Algo similar aconteceu no “Face Oculta”. Num caso construído sem provas e baseado no relato em segunda mão de Ana Paula Vitorino, alegou-se que Mário Lino acedeu a um pedido ilícito de Vara mas o ex-ministro alegadamente cúmplice nem sequer foi constituído arguido. Porquê? Porque se calculou que, sem provas, sem prejuízo para o Estado, sem mais nada a não ser uma conversa que se diz ter existido com um certo sentido subjectivo, não seria possível fazer-se a Mário Lino o que se ia fazer a Vara – nem se podia fazer a Vara alguma coisa sem por tabela Lino ter de levar igual ou até pior. O temor e tremor de acusar e prender um ex-ministro exclusivamente com provas indirectas e sem qualquer possibilidade de o relacionar com algum proveito material, ou outro, arriscava boicotar a vingança destinada ao asqueroso socialista que tinha ousado ir para o BCP como administrador depois do caos para onde o banco foi arrastado por Jardim Gonçalves e Paulo Teixeira Pinto.

Num certo dia de um certo mês de 2013, Rosário Teixeira e Joana Marques Vidal encontraram-se, a sós ou acompanhados por outros procuradores, e decidiram que era desta que o inimigo nº 1 da oligarquia portuguesa ia ser apanhado, linchado e enterrado. Nessa reunião, adivinho, tomaram decisões sobre a mãe de Sócrates e sobre os ministros e secretários de Estado ligados a Sócrates. Seria possível deter a frágil senhora, levá-la algemada para ser interrogada pelo Carlos Alexandre e de lá ter de mandá-la na ramona para uma prisão feminina qualquer? Isso causaria demasiado ruído mediático, correndo-se o risco de gerar antipatia contra a PGR e simpatia a favor de Sócrates.

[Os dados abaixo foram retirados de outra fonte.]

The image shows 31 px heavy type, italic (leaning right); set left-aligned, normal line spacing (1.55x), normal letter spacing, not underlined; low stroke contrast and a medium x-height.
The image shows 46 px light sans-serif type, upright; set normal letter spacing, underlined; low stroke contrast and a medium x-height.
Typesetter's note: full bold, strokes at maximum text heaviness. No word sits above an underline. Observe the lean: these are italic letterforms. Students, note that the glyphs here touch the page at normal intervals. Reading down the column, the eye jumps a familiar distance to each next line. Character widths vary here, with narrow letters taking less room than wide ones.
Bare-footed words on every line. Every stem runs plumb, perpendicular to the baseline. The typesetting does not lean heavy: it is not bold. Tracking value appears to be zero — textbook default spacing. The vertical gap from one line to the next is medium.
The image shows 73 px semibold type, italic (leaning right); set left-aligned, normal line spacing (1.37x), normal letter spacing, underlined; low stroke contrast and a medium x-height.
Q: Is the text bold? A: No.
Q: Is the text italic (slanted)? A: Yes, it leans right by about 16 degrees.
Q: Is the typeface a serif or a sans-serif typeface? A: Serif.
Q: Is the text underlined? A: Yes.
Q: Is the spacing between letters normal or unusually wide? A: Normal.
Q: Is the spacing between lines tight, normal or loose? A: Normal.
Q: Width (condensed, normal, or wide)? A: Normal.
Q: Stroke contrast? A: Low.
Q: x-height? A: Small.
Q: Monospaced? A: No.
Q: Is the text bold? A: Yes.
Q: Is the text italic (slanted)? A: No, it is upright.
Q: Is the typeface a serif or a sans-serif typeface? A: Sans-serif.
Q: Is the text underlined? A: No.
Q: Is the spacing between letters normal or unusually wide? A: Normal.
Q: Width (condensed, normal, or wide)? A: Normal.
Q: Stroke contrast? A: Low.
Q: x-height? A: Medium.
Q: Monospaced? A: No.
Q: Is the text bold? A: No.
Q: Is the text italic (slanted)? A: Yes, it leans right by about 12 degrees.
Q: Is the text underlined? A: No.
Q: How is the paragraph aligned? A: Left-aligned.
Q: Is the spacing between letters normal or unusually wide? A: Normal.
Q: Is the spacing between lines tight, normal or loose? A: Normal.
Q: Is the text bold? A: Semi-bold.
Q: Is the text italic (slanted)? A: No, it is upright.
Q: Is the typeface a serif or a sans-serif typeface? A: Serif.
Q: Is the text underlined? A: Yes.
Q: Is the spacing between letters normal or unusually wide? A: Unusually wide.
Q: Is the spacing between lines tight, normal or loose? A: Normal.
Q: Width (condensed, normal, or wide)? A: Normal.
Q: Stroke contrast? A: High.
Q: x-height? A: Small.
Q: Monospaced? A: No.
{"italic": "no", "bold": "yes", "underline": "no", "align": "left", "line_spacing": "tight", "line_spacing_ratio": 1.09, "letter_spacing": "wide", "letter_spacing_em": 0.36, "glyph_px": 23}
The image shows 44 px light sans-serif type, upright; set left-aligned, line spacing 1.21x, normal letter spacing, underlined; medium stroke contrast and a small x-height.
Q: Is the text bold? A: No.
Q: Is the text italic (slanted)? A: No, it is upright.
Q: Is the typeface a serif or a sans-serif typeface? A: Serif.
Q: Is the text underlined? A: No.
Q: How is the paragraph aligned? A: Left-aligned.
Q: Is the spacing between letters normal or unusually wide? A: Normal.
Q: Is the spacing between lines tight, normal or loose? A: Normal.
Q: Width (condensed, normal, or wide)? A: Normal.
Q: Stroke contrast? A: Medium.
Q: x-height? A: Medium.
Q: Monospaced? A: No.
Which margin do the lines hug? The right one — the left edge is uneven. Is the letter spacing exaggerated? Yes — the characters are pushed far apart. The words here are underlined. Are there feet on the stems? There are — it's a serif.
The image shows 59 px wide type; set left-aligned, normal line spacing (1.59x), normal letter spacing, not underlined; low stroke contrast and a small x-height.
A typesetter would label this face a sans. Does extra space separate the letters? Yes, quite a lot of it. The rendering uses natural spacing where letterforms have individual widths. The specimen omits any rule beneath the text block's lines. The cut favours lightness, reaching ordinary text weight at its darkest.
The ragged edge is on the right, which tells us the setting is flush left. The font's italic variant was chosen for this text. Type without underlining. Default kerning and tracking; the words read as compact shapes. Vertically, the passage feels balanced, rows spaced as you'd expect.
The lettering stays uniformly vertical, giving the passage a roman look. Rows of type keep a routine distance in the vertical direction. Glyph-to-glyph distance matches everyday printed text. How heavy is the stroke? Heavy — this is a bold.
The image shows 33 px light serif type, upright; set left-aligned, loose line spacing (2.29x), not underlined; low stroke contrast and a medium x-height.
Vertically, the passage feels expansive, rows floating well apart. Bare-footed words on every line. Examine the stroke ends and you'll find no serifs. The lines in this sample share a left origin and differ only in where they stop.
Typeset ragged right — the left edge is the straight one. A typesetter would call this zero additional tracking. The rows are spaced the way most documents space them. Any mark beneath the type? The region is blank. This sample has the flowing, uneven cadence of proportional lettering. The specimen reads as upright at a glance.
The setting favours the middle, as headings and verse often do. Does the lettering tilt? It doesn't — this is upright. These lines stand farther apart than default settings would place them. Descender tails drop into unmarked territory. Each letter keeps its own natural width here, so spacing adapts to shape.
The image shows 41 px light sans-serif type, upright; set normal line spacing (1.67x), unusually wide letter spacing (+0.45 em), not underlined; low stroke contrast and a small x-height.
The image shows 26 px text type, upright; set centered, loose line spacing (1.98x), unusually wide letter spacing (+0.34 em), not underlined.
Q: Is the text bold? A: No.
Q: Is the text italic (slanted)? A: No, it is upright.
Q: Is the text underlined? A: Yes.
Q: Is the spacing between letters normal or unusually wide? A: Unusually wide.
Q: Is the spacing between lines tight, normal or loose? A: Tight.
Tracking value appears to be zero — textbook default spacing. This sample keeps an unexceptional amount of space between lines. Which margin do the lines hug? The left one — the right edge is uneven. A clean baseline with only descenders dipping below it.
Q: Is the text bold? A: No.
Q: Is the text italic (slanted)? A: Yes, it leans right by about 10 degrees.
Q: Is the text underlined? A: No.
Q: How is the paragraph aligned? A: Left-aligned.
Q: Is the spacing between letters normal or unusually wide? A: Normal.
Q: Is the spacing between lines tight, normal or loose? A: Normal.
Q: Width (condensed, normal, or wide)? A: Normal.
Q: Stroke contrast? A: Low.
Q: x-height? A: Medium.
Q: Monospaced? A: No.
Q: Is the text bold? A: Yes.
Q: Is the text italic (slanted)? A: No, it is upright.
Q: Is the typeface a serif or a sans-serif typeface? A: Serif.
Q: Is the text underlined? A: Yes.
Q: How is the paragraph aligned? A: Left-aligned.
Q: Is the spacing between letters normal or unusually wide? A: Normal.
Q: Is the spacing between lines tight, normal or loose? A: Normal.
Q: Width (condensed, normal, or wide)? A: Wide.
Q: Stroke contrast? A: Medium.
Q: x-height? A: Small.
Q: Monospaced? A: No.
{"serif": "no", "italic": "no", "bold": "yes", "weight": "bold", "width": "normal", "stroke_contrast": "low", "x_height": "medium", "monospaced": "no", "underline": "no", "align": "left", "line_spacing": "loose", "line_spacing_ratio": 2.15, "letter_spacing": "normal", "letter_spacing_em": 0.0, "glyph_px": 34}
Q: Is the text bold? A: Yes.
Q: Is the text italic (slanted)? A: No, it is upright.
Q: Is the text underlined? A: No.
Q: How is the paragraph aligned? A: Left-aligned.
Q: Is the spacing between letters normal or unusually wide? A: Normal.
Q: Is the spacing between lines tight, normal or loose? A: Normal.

Pelo que se decidiu logo ali, imagino, que a pessoa que se iria apontar como tendo sido cúmplice principal de uma transacção fraudulenta no mais grave caso de suspeita de corrupção da História de Portugal iria ficar de fora do processo. E quanto às dezenas de ex-governantes que iriam ser apontados também como cúmplices de decisões supostamente vendidas por milhões vindos do Grupo Lena, do BES ou de quem a acusação se lembrasse de inventar? Idem, aspas, não haveria logística para serem investigados e nem tal era preciso, antes pelo contrário. A aventura seria triunfal mesmo que apenas decapitasse uma das cabeças da Hidra, a mais apetecida. Aumentar o número de arguidos com responsabilidades nos Executivos socráticos traria mais atrasos, mais dúvidas, mas riscos de se perceber que toda essa gente estava a ser presa para ser investigada, devassada e assassinada política e socialmente. Ter Sócrates como troféu de caça, mesmo que dali por não sei quantos anos ele acabasse condenado apenas por fraude fiscal, era só o que interessava garantir. A “Operação Marquês”, logo a partir da sua detenção para ser interrogado, iria ser a sua condenação instantânea sem ser preciso ficar dependente dos volúveis juízes. Os restantes alvos seriam atingidos por associação e contágio.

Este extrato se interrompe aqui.